Logging, monitoring, and alerts

  1. Log token verification failures with reason codes (signature, exp, aud, iss) — but avoid logging token contents.
  2. Alert on unusual patterns: many signature failures from a single IP, many tokens with same kid failing, sudden spike in expired token acceptance attempts.
  3. Monitor JWK fetch failures — if resource servers cannot fetch new keys after rotation, fail closed rather than accepting unknown tokens.

Testing and CI checks

  1. Add static checks to ensure no tokens or secrets are committed to repos.
  2. Include automated tests that verify libraries reject tokens with alg: none, missing claims, wrong aud/iss.
  3. Run dependency checks for JWT libs — keep them updated.

Realistic scenarios and lessons (brief)

Scenario A: A public key accidentally published as secret
A dev mistakenly stored the private RSA key in a public repo. Key rotated, but the team had no automated rotation process. Lesson: automation + short-lived keys reduce damage.

Scenario B: Access token leaked to third-party script via localStorage
A marketing widget loaded on pages had an XSS bug. Tokens in localStorage were stolen and used to call APIs. Lesson: do not store tokens in localStorage; prefer httpOnly cookies and harden against XSS.

Scenario C: Incomplete claim validation lets tokens issued for one service be accepted by another
Two microservices accepted tokens with different audiences. One accepted tokens for aud: service-a while the other accepted any aud.
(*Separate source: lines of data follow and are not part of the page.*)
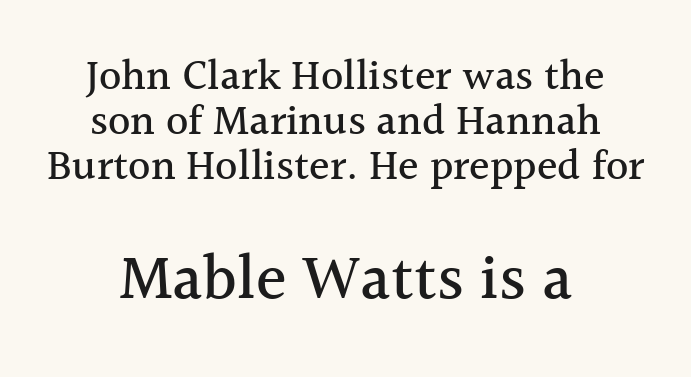
The image shows 64 px serif type, upright; set centered, tight line spacing (1.05x), normal letter spacing, not underlined; the second (bottom) block is 1.49x larger; a medium x-height.
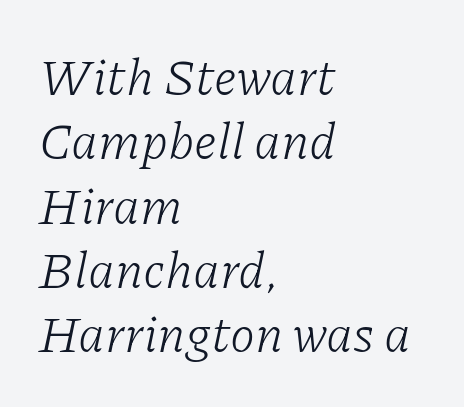
{"serif": "yes", "italic": "yes", "lean": "right", "slant_degrees": 11, "bold": "no", "weight": "light", "width": "normal", "stroke_contrast": "low", "x_height": "medium", "monospaced": "no", "underline": "no", "align": "left", "line_spacing": "normal", "line_spacing_ratio": 1.26, "letter_spacing": "normal", "letter_spacing_em": 0.0, "glyph_px": 51}
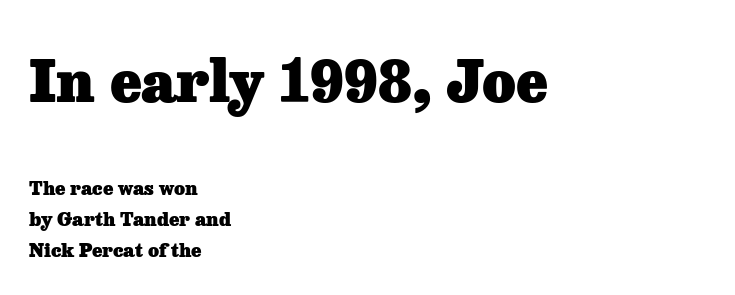
The image shows 58 px heavy serif type, upright; set left-aligned, normal line spacing (1.64x), normal letter spacing, not underlined; the first (top) block is 3.05x larger; low stroke contrast and a medium x-height.
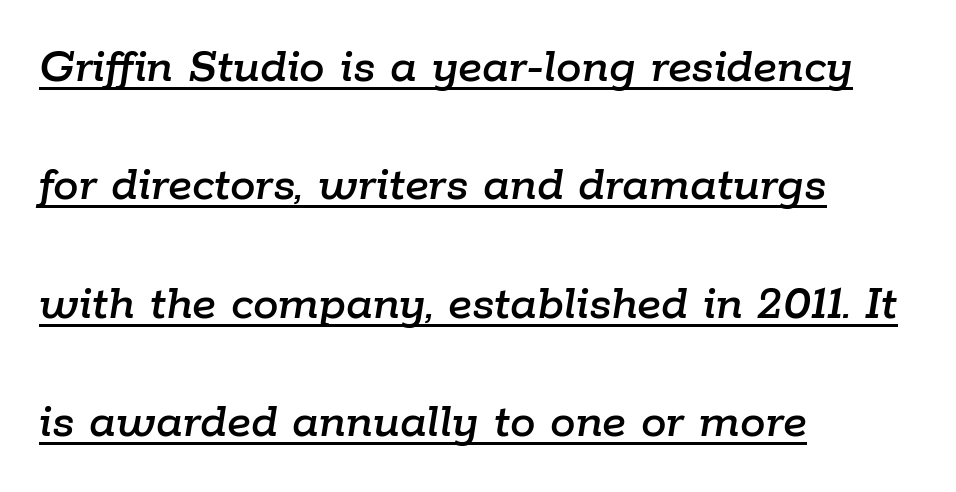
In designer terms, the underline attribute is active on this setting. Loosely led — the rows are spread out. Each line starts at the same left margin while the right side varies. Standard letterfit; no display-style spreading of the glyphs. Do the characters align in a grid? No, the font is proportional.

Attackers used a token from service A to call service B. Lesson: validate aud and iss per-resource.

Compact remediation checklist (copy into PR templates or runbooks)

Use well-maintained JWT libraries for your language.

Enforce signature verification and allowed algorithms server-side.

Prefer RS256/ES256 with protected private keys and JWKs published for verification.

Validate iss, aud, exp, nbf, iat, sub where applicable.

Keep access tokens short lived; implement rotating refresh tokens with server-side revocation.

Never store access tokens in localStorage; prefer httpOnly Secure SameSite cookies for browsers.

Do not pass tokens in query parameters.

Implement key rotation and monitoring for JWKs.

Log verification errors and set alerts for anomalous patterns.

Add CI tests that assert library behavior against known malformed tokens.

Further reading (standards and references)

  1. RFC 7519 JSON Web Token standard.
  2. RFC 7515 JSON Web Signature.
  3. OAuth 2.0 and OpenID Connect best practices (auth servers and token lifecycles).
  4. OWASP cheat sheets: JWT and session management.